また新しく積み重なり始める時間を横目に、一冊の古い日記を紐解く。
ページをめくれば、過去の出来事が瑞々しい言葉となって蘇ってくる。
たとえば、彼氏と激しく衝突した日の記録。
読み返せば、あの時の感情が今の私を浸食していく。
意味が生まれる前の風景は、いつだってその瞬間だけは、何物にも代えがたい真実だったのだ。

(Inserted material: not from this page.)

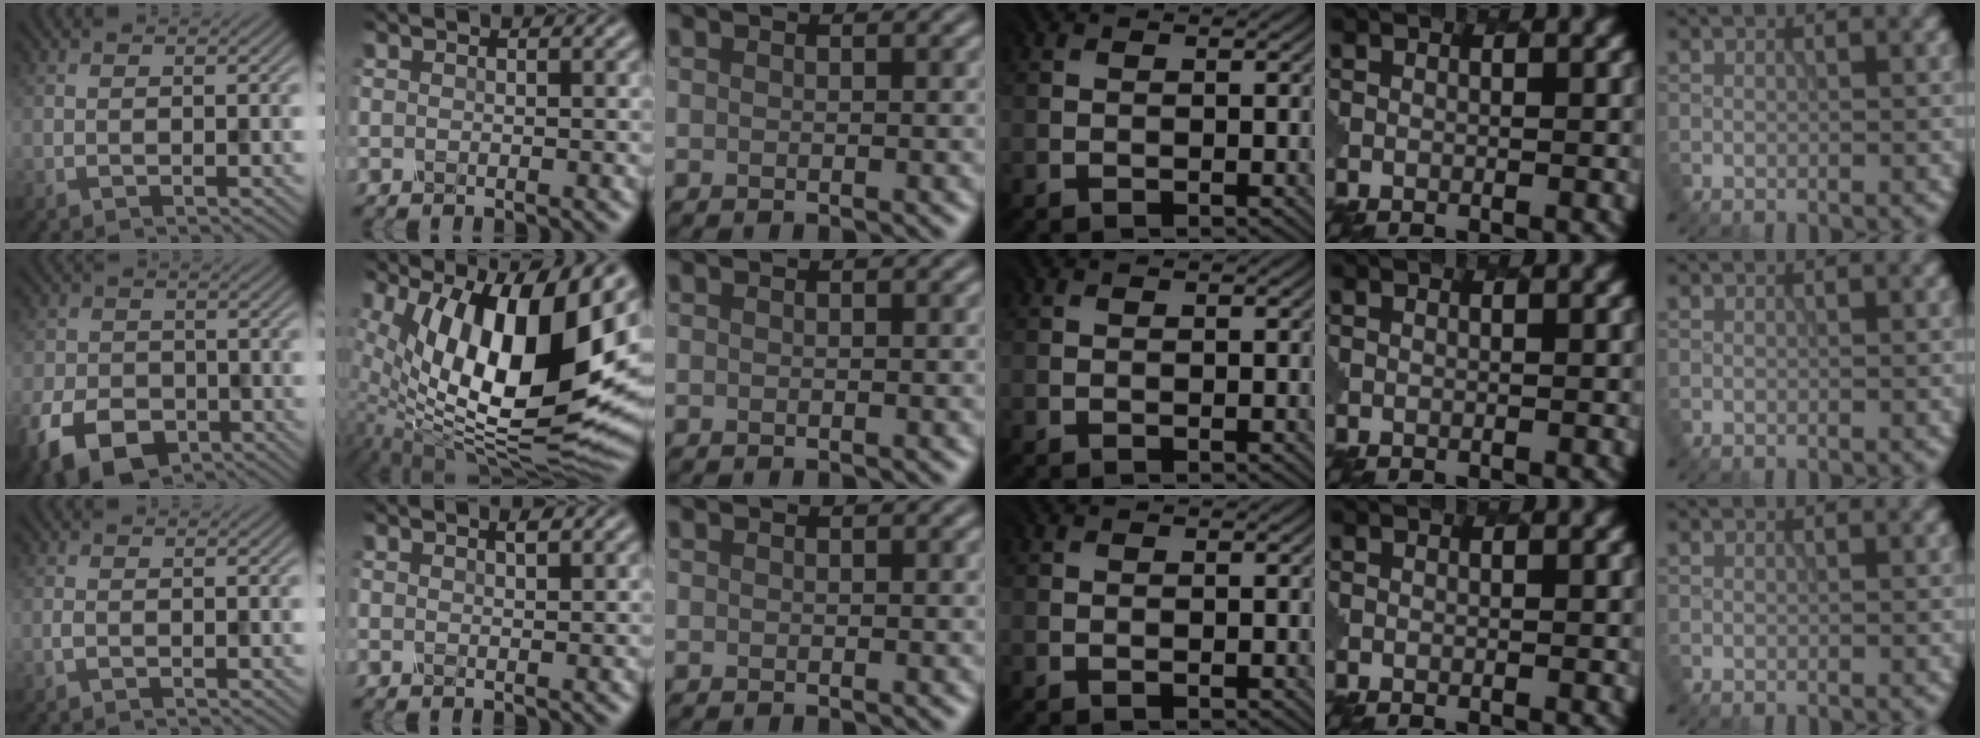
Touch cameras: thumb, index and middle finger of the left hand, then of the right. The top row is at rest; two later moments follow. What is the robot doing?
{"motion": "dispense", "object": "pipette"}

ふと、この日記に「彼」の視点が完全に欠落していることに気づく。
私の不都合を削ぎ落とし、私の正義だけを並べた独りよがりな記録。
そこには、確かに存在したはずの書かれなかった方の世界がある。
けれど、私はあえてそこには触れない。
時折、日記には「ヤバい」「すごい」といった乱雑な言葉だけが並ぶページがある。
今の私には解読不能な、言葉が意味を拒んだ場所。
しかしそれこそが、私にとっての日記の正体なのだろう。
意味があるようでいて、今の私には何の意味もなさない言葉の断片。
それは、一文字だけで完結する私だけの純粋な欠片だ。
私は天井を見上げ、まだ熱を持った過去の自分を思う。
まだ物語にならない場所で、私は今日も、誰のためでもない言葉を紡ぎ続けていく。
Fin。
↑この企画に参加しました。
ありがとうございました。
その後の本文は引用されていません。